[[ TASK INPUTS open ]]
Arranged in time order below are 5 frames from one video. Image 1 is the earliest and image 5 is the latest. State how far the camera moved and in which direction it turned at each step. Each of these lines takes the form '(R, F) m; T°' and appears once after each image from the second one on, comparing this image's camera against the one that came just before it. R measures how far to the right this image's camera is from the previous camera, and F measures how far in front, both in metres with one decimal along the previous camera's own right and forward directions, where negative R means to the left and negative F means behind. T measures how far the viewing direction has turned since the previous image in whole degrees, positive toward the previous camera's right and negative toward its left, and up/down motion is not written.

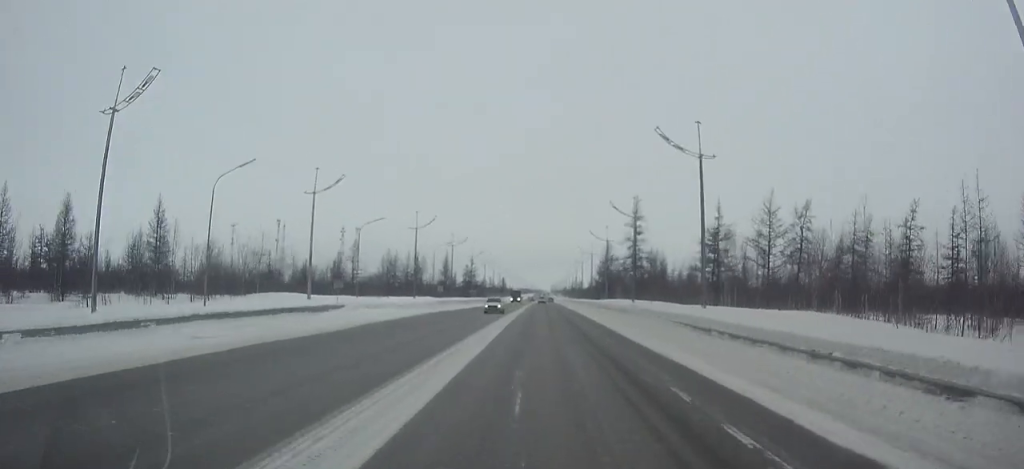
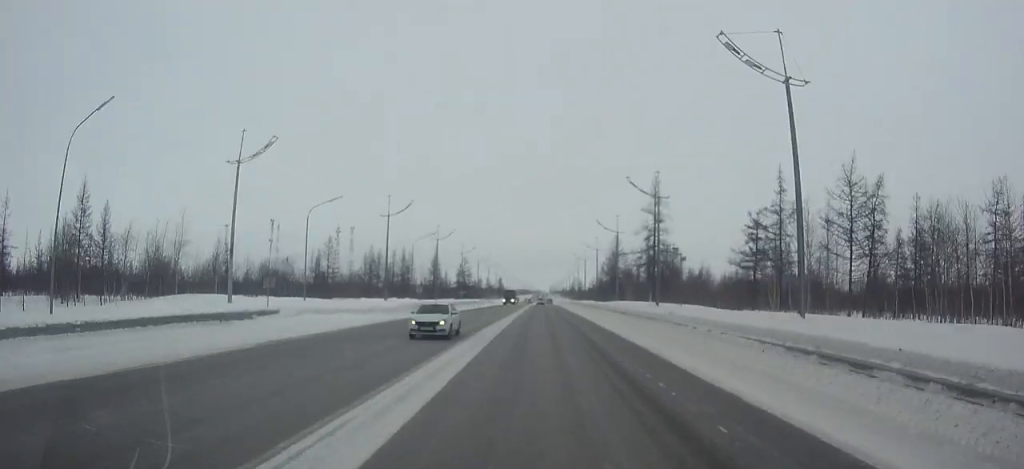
(0.0, +12.5) m; 0°
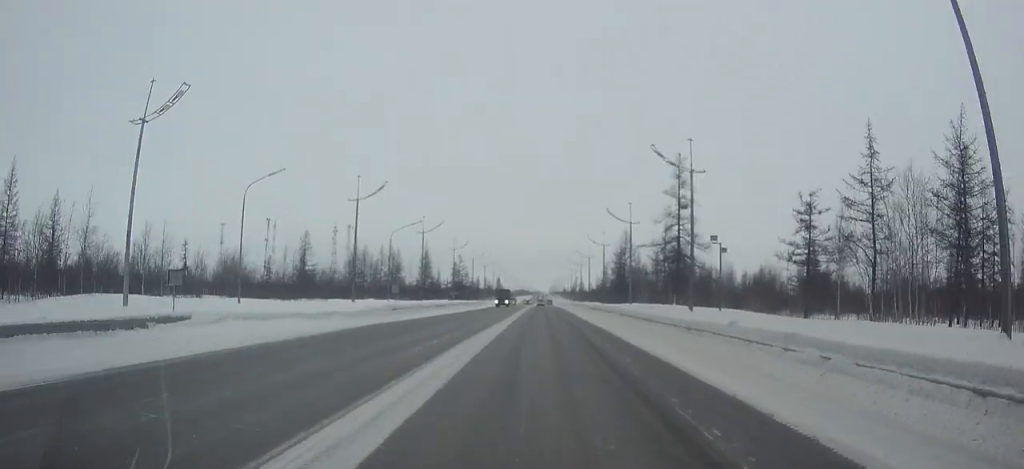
(0.0, +10.1) m; 0°
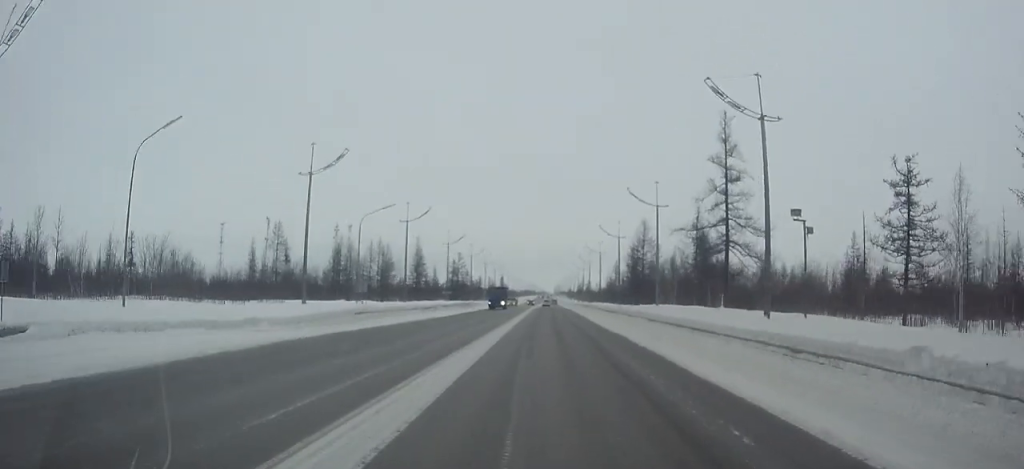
(0.0, +11.3) m; 0°
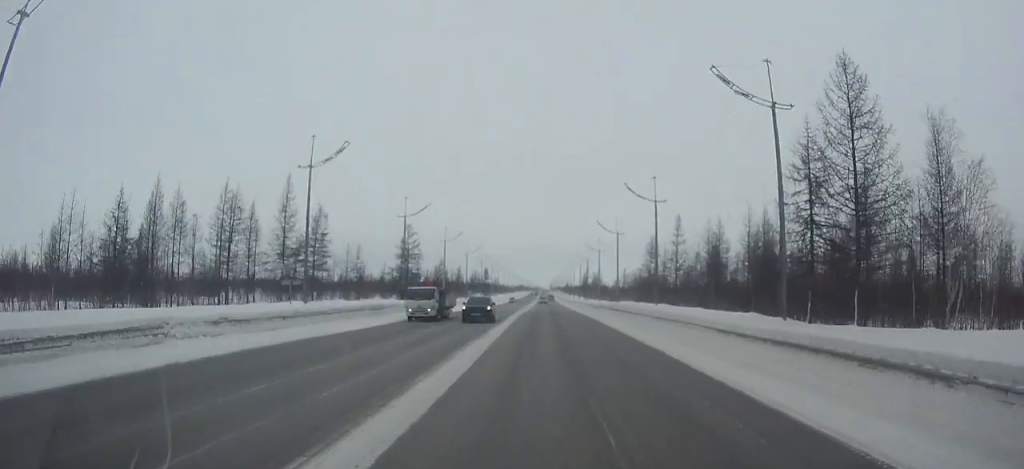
(+0.2, +50.6) m; 0°
[[ TASK INPUTS closed ]]
* _EXERCISE DIRECTIONS_
Please output the records above exactly, without the pictures.

* _WRITTEN REPLY_
Arranged in time order below are 5 frames from one video. Image 1 is the earliest and image 5 is the latest. State how far the camera moved and in which direction it turned at each step. Each of these lines takes the form '(R, F) m; T°' and appears once after each image from the second one on, comparing this image's camera against the one that came just before it. R measures how far to the right this image's camera is from the previous camera, and F measures how far in front, both in metres with one decimal along the previous camera's own right and forward directions, where negative R means to the left and negative F means behind. T measures how far the viewing direction has turned since the previous image in whole degrees, positive toward the previous camera's right and negative toward its left, and up/down motion is not written.

(0.0, +12.5) m; 0°
(0.0, +10.1) m; 0°
(0.0, +11.3) m; 0°
(+0.2, +50.6) m; 0°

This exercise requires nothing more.